Ankara’s boldness in challenging Paris is built on simmering French-Turkish tensions across multiple areas. At the core of France and Turkey’s ideological rift is the two countries’ opposing views on the role of religion in society. But Paris and Ankara also support opposing sides of various foreign feuds and conflicts, including the Libyan civil war and the fight over resources in the eastern Mediterranean Sea.
- Macron is planning to introduce reforms in December that would further protect the separation between church and state in France.
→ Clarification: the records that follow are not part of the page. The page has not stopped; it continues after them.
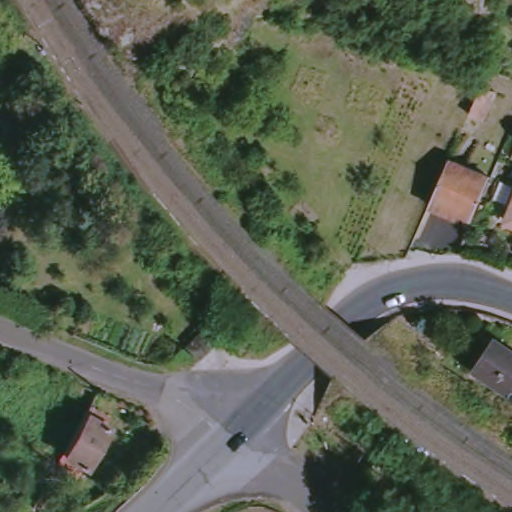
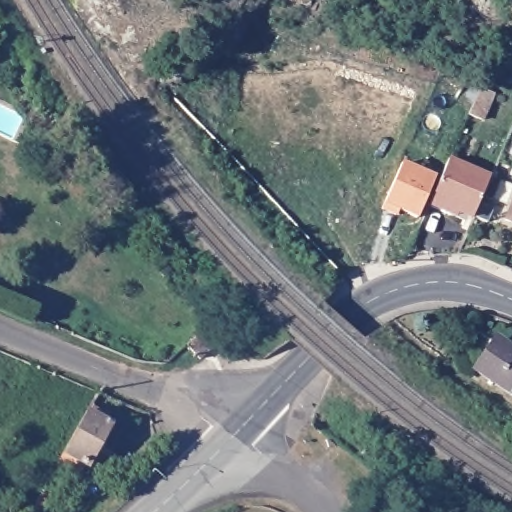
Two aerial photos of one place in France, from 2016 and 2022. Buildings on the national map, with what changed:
unchanged [(417,38),(420,29),(441,36),(438,45),(417,38)]
unchanged [(481,88),(495,94),(483,121),(470,115),(481,88)]
unchanged [(433,205),(454,160),(495,178),(475,224),(433,205)]
new [(403,162),(436,176),(418,218),(397,210),(395,214),(383,209),(403,162)]
unchanged [(201,330),(215,344),(200,358),(186,344),(201,330)]
unchanged [(500,339),(512,347),(512,392),(480,370),(496,344),(500,339)]
unchanged [(78,453),(104,406),(123,416),(120,422),(124,425),(101,465),(100,464),(93,476),(71,464),(78,453)]
unchanged [(34,505),(43,487),(50,491),(40,508),(34,505)]

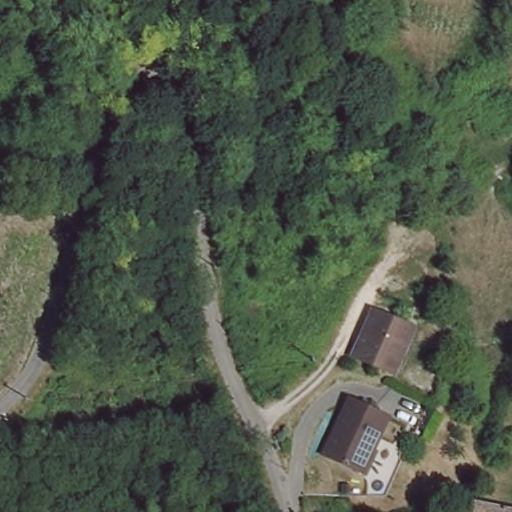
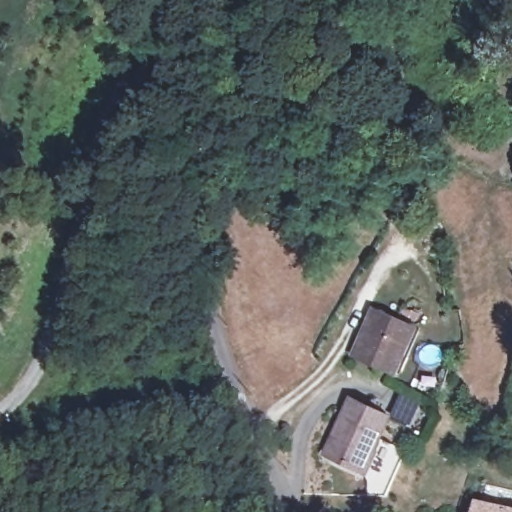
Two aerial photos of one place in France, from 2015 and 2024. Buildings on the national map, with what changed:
unchanged [(370,313),(410,333),(391,373),(353,354),(370,313)]
unchanged [(348,395),(385,416),(359,469),(321,450),(348,395)]
unchanged [(497,512),(465,512),(467,504),(497,512)]

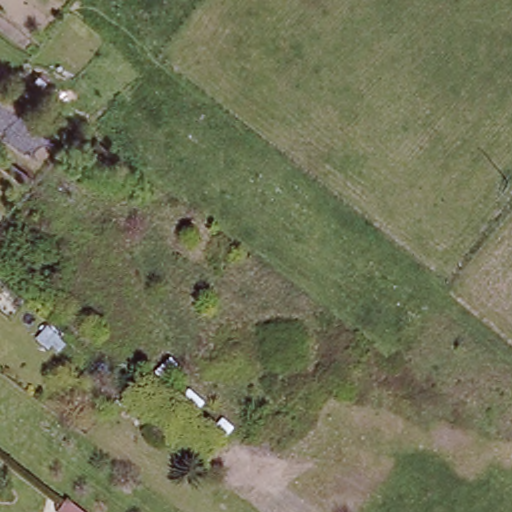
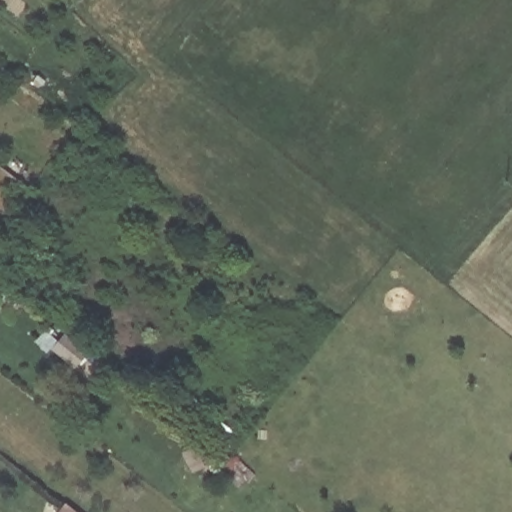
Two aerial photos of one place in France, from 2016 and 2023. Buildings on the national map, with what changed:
unchanged [(8,216),(3,223),(0,220),(0,211),(8,216)]
unchanged [(81,512),(57,512),(66,500),(81,512)]

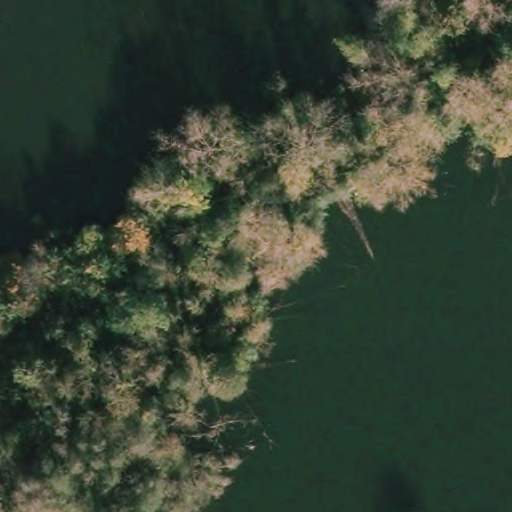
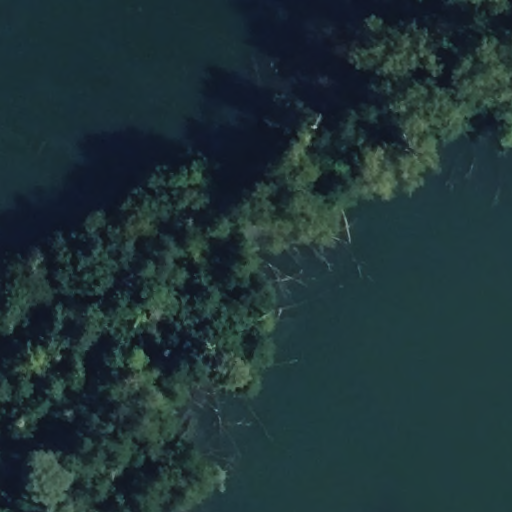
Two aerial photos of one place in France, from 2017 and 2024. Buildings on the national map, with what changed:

Erdogan, by contrast, has pushed to have religious values take more of a central place in Turkey’s technically secular government.
- In the Mediterranean Sea, France has been particularly vocal in condemning Turkey’s aggressive oil and gas exploration activities in disputed waters claimed by Greece and Cyprus.
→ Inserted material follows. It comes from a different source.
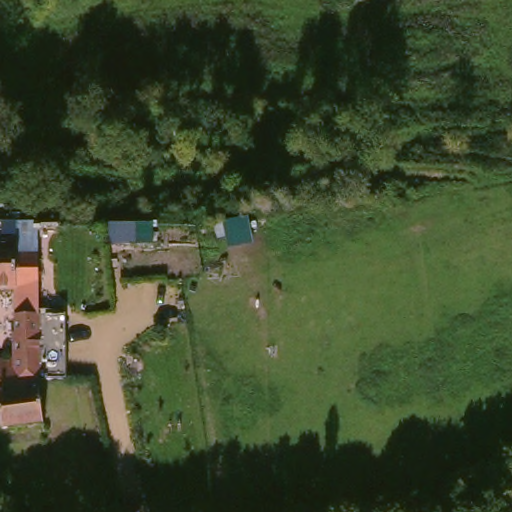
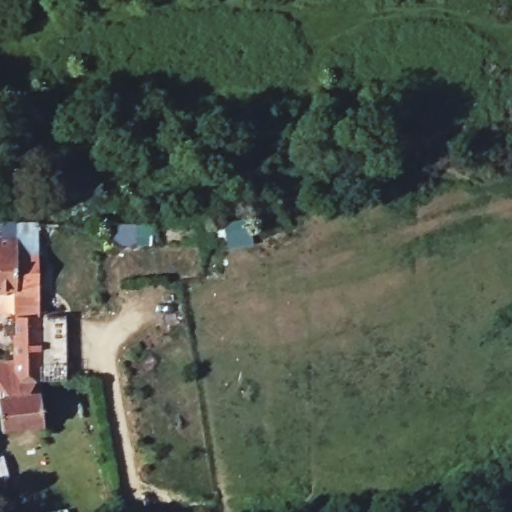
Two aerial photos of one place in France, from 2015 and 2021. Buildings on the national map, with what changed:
unchanged [(21,230),(22,251),(44,251),(46,284),(8,284),(0,284),(0,230),(21,230)]
unchanged [(70,367),(49,368),(51,343),(51,318),(52,307),(69,307),(70,367)]
unchanged [(24,338),(26,338),(26,318),(51,318),(51,343),(49,368),(49,374),(23,377),(23,356),(24,338)]
unchanged [(54,419),(11,423),(8,392),(2,393),(2,379),(23,377),(49,374),(51,397),(54,419)]

- In Libya, France temporarily pulled out of a NATO mission after a Turkish frigate targeted a French frigate. The French ship was inspecting another Turkish vessel that was suspected of violating the arms embargo on Libya.
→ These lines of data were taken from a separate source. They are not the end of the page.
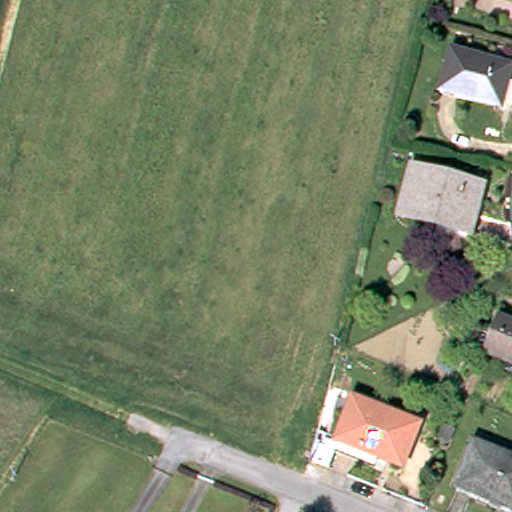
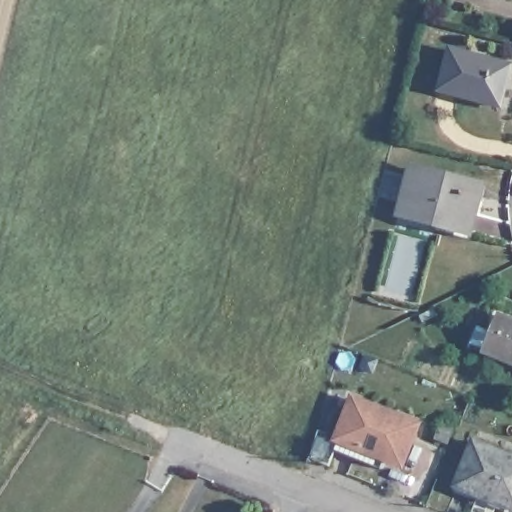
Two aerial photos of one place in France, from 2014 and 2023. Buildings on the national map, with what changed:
unchanged [(510,63),(499,104),(438,89),(450,46),(510,63)]
unchanged [(477,184),(465,230),(399,212),(411,166),(477,184)]
unchanged [(512,364),(482,352),(495,319),(512,326),(512,364)]
unchanged [(419,426),(404,465),(382,456),(377,467),(339,451),(359,403),(419,426)]
unchanged [(512,505),(454,481),(472,440),(512,456),(512,505)]

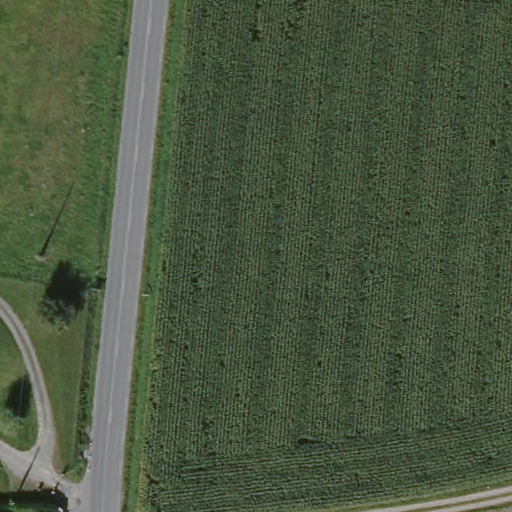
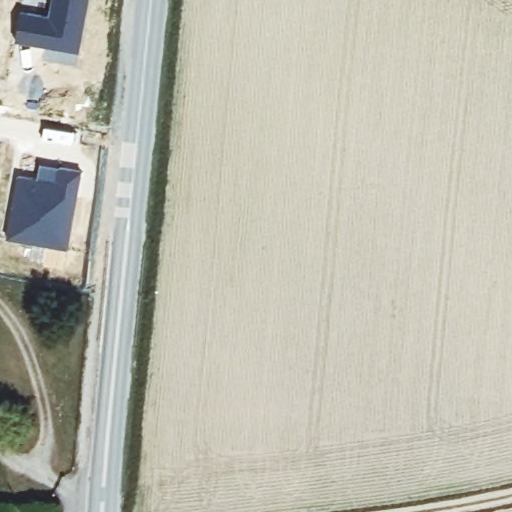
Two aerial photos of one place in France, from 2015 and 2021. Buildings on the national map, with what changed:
new [(48,17),(51,0),(87,0),(79,52),(15,42),(20,12),(48,17)]
new [(17,180),(55,185),(58,170),(80,174),(67,251),(7,242),(17,180)]

Turkey and France’s industrial trade could be threatened if the former’s boycott expands from its current focus on the latter’s consumer goods.
- Turkey and France’s economic relationship sees about $17 billion in trade volume.
- Turkey is France’s 13th-largest global supplier of imports (mostly industrial products, such as machinery) while France is Turkey’s sixth-largest customer.
- The Turkish city of Bursa is home to one of the largest global production centers of the French car manufacturer Renault.
Despite the financial risk, Erdogan and his ruling Justice and Development Party (AKP) will inflame anti-French tensions to gain domestic stature among nationalist and religious Turks. By eroding living standards in the country, Turkey’s declining economic performance and weakening currency have also eroded support for Erdogan and the AKP. And challenging France provides a welcome political distraction from Turkey’s grim financial outlook.
- The AKP routinely uses foreign tensions to offset political pressure at home, particularly during periods of economic stress that damages their popularity.
- A survey conducted by Metropoll in August gave Erdogan only narrow leads against Istanbul’s mayor Imam Imagoglu and other hypothetical opposition figures who may run in Turkey’s next presidential race, which is scheduled for 2023.
- The Turkish lira’s exchange rate against the U.S. dollar recently reached an all-time low. The lira’s value has declined by 20 percent since the beginning of 2020.
Abroad, Ankara will try to capitalize on growing anti-French sentiment to position itself as the leader of the Muslim world at the expense of its regional rivals. Turkey’s willingness to directly challenge France contrasts with the more moderate approaches of Saudi Arabia and the United Arab Emirates. While they’ll allow informal boycotts of French products, Riyadh and Abu Dhabi are both unlikely to officially take the same strident tone against France for fear of upsetting defense and trade ties with Europe with alienating Islamist rhetoric. In addition, both countries are trying to shift away from promoting political Islam abroad and don’t want to be seen as following Turkey’s leadership.
- The AKP has a long-standing soft power strategy to establish Turkey as the leader of the Sunni world, which has seen the Turkish government set up schools, mosques and pose as the champion of global Sunni rights.
- Since coming to power in 2002, the AKP has pushed an Islamist vision abroad that competes with Saudi Arabia’s influence.
- The AKP often views this soft power strategy as a combination of genuine religious missionary activity and a vehicle to secure influence and allies with religious fellow travelers.